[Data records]
--------------------------------------------------

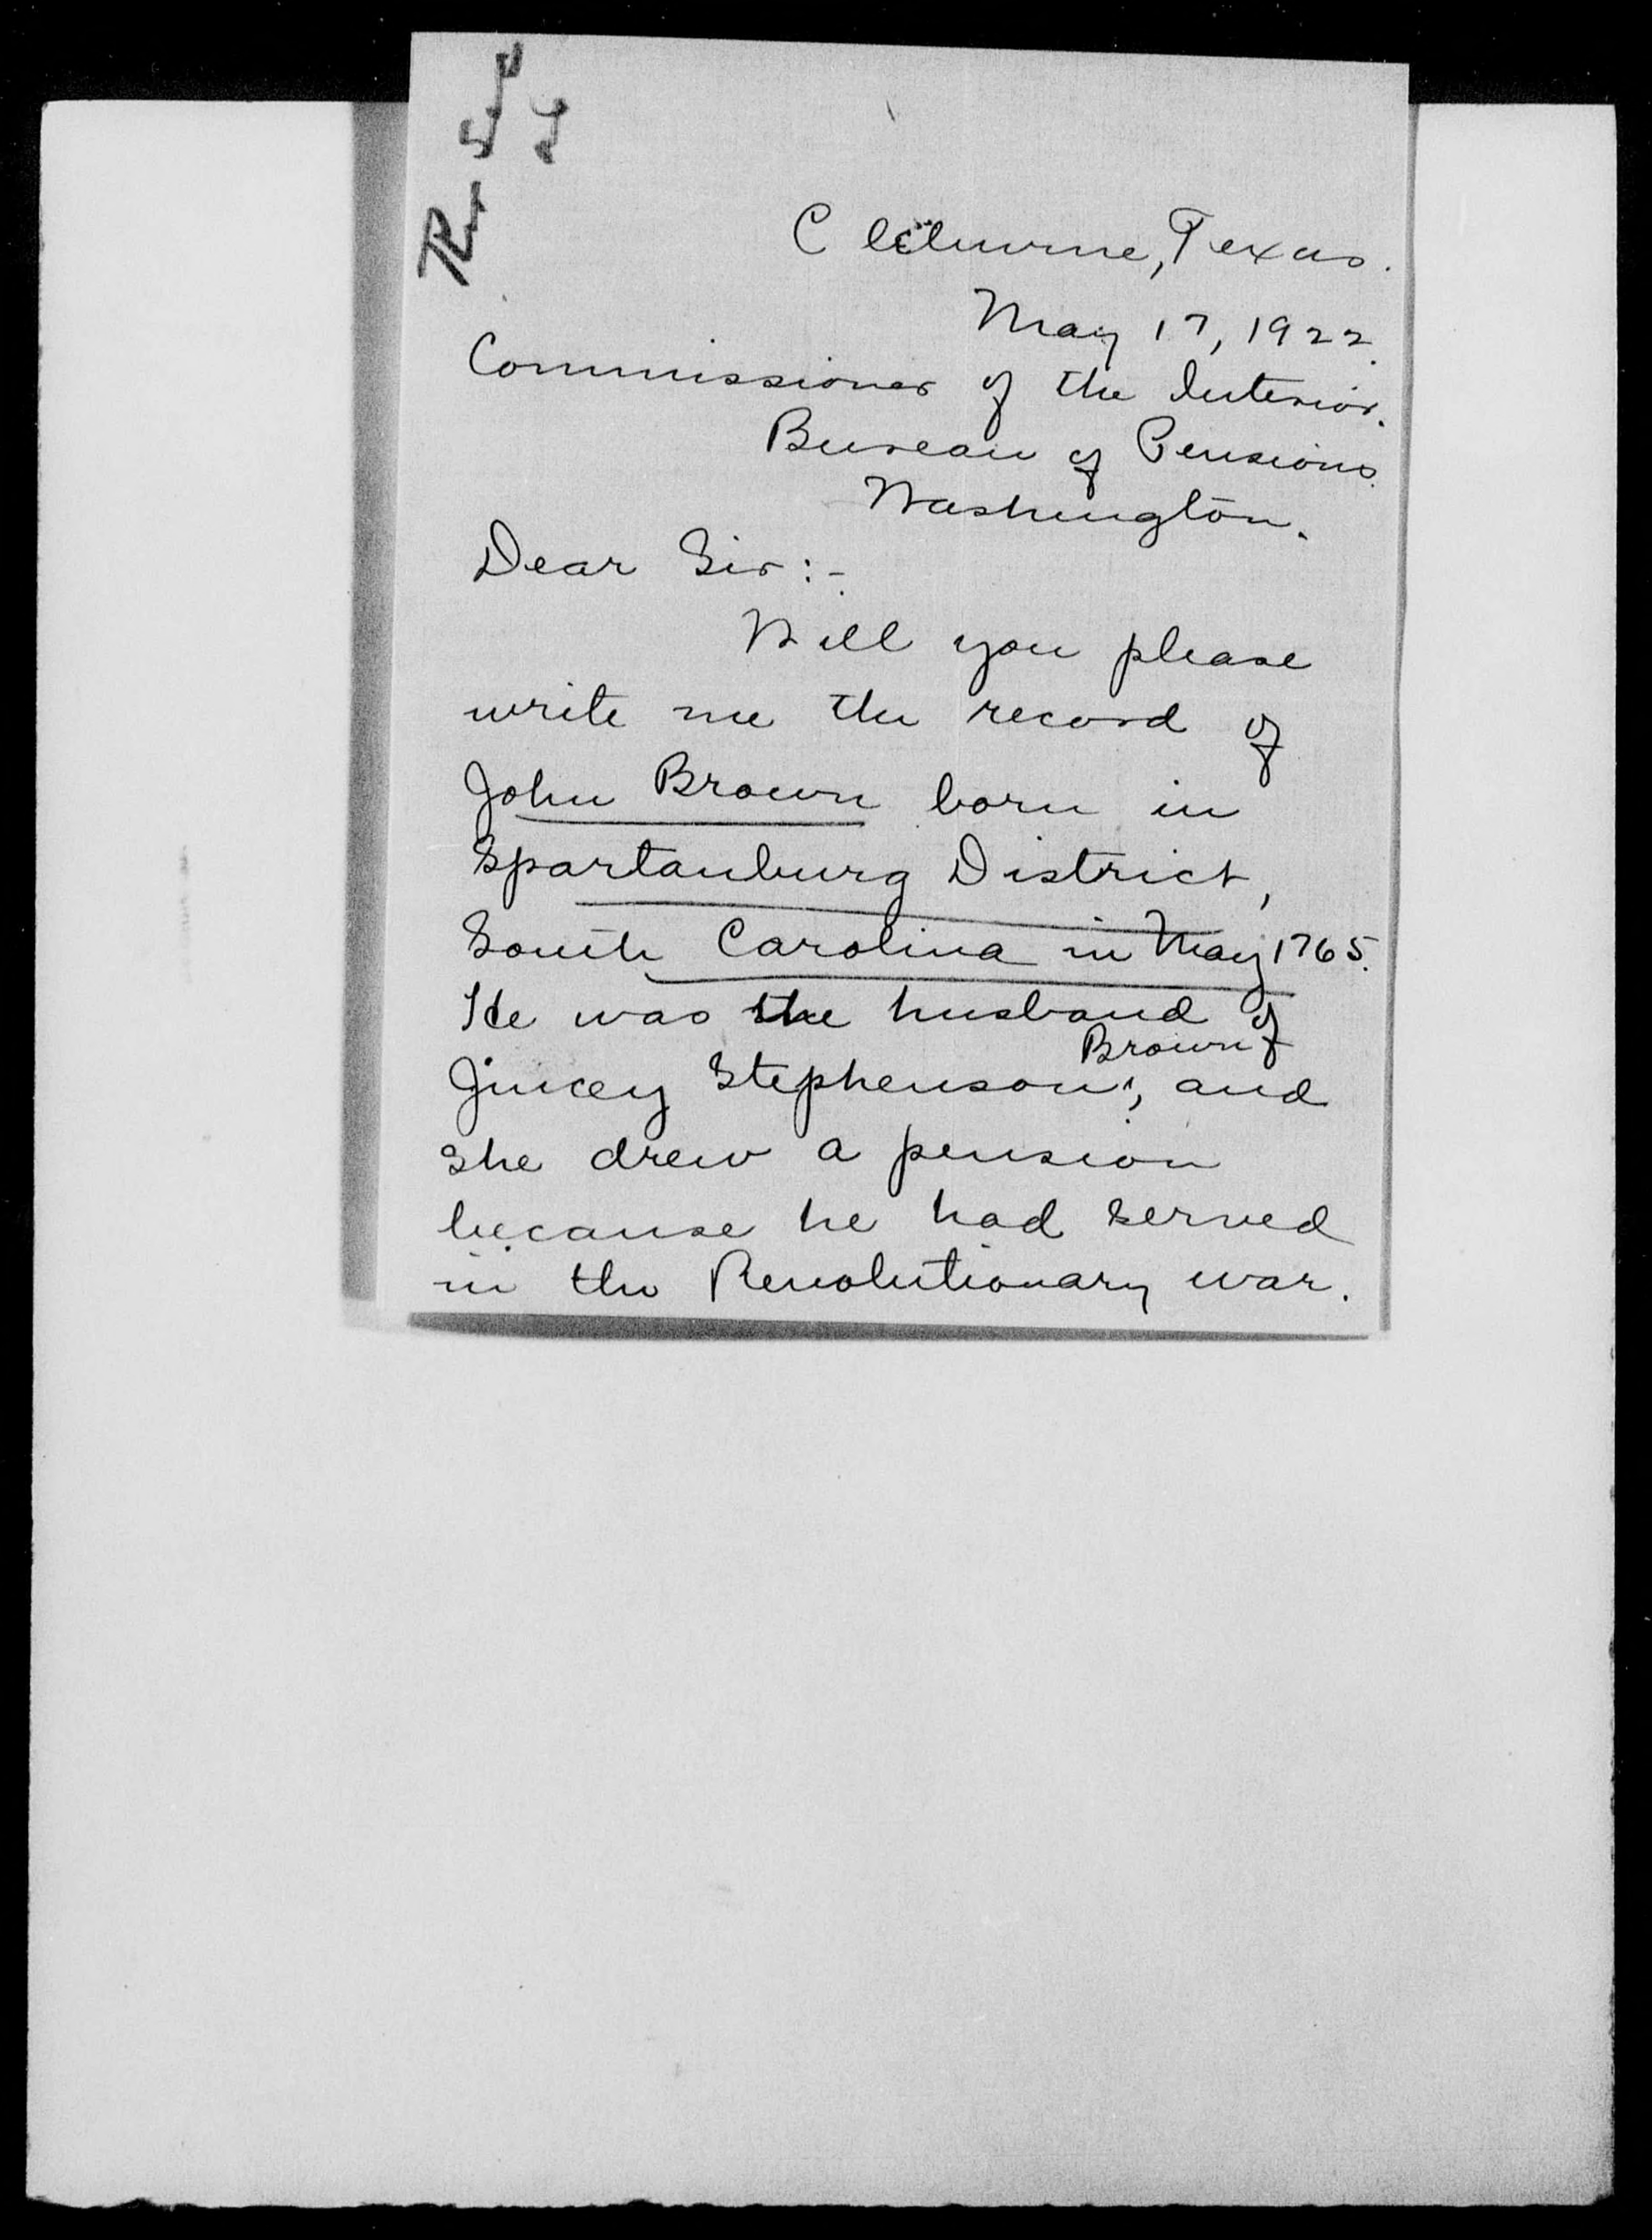Cleburne, Texas
May 17, 1922
Commissioner of the Interior
Bureau of Pensions Washington
Dear Sir
Will you please
write me the record of
John Brown born in
Spartanburg District
South Carolina in May 1765.
He was the husband of
Jincey Stephenson Brown, and
she drew a pension
because he had served
in the Revolutionary war

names: John Brown, Jincey Stephenson Brown
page: 44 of 85
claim: widow's
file: W. 5,906, John Brown, S.C.

--------------------------------------------------

[WHAT THIS TASK INVOLVES]
All lines from the one that contains "write me the record of" to the end of the records above are to be copied exactly; leave out the rest.

[SOLUTION BELOW]
write me the record of
John Brown born in
Spartanburg District
South Carolina in May 1765.
He was the husband of
Jincey Stephenson Brown, and
she drew a pension
because he had served
in the Revolutionary war

names: John Brown, Jincey Stephenson Brown
page: 44 of 85
claim: widow's
file: W. 5,906, John Brown, S.C.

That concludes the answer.